Девушка, которая все это время с чем-то возилась в избе, тоже вышла и села на крыльцо, и Рогов обрадовался ей. Она взяла его левую руку, долго рассматривала ладонь, словно собиралась гадать, но вместо этого только провела по ней легкими и ласковыми пальцами, так что он поморщился от щекотки. Улыбалась она при этом так, как улыбаются незлые, тихие дети, вечно думающие одну свою думу, но не обижающиеся, когда их отвлекают. Рогов вспомнил, где и когда видел такую улыбку.

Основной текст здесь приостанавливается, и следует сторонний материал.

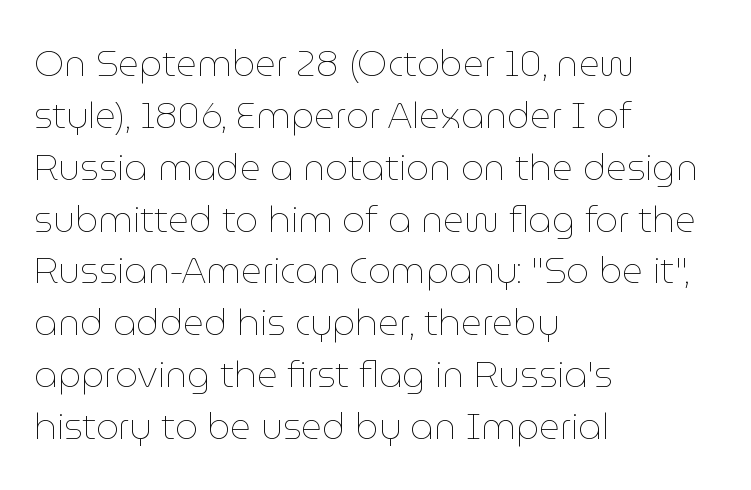
Q: Is the text bold? A: No.
Q: Is the text italic (slanted)? A: No, it is upright.
Q: Is the text underlined? A: No.
Q: How is the paragraph aligned? A: Left-aligned.
Q: Is the spacing between letters normal or unusually wide? A: Normal.
Q: Is the spacing between lines tight, normal or loose? A: Normal.
Q: Width (condensed, normal, or wide)? A: Normal.
Q: Stroke contrast? A: Low.
Q: x-height? A: Medium.
Q: Monospaced? A: No.

Однажды, когда он был влюблен в студентку мединститута, она взяла его в загорский интернат для слепоглухонемых; были там и другие дети с врожденными патологиями, одна страдала каким-то странным заболеванием лобных долей мозга — они медленно разрушались без видимой причины. В детстве она еще запоминала стишки, участвовала в играх, но к началу отрочества почти совсем перестала реагировать на внешний мир. Воспитательница, водившая их по интернату, в котором Рогов, против обыкновения, не боялся уродов, а горячо жалел их, попросила его обратить особое внимание на тонкие, аристократические пальцы девочки, всю ее гибкую и длинную фигуру, на благостное и сосредоточенное выражение лица: трудно было поверить, что у этого ребенка нет никакой тайны, есть только тихая жизнь растения (хотя, возможно, жизнь растения и есть самая большая тайна — вот почему посмертный распад тела, превращение его в грязь, камни и траву обставляется в нашем сознании такой таинственностью и надеждой). Взгляд девочки, ни на минуту не фокусируясь, бродил по стенам. Она почти не чувствовала боли или холода, легко обходилась без прогулок, скоро должна была перестать самостоятельно ходить в уборную, — но обо всех этих страшных вещах Рогов, глядя на нее, не думал, а чувствовал только кротость и благость, исходящие от этого полурастительного существа. И это Чистое напоминало ему весь загорский интернат, потому что, когда он вместе с воспитательницей ходил по тому, тоже безмолвному, дому, он ощущал невероятно напряженное поле, словно дети, лишенные речи, непрерывно обменивались какой-то внесловесной информацией. Тут не говорили, тут ловили сигналы, — и точно так же, вспомнил он, его вдруг взял за руку глухонемой, но хорошо видящий мальчик лет восьми, который несся куда-то мимо и вдруг задержался, пристально посмотрел на Рогова и захотел с ним поздороваться. Что мальчик мог прочитать по его руке? Почему сразу отошел в сторону, погрустнел, постоял секунд десять и опрометью бросился обратно — туда, откуда только что прибежал? И какую невыразимо печальную правду поняла о нем эта девушка, долго вглядывавшаяся в его ладонь и погладившая ее словно в утешение?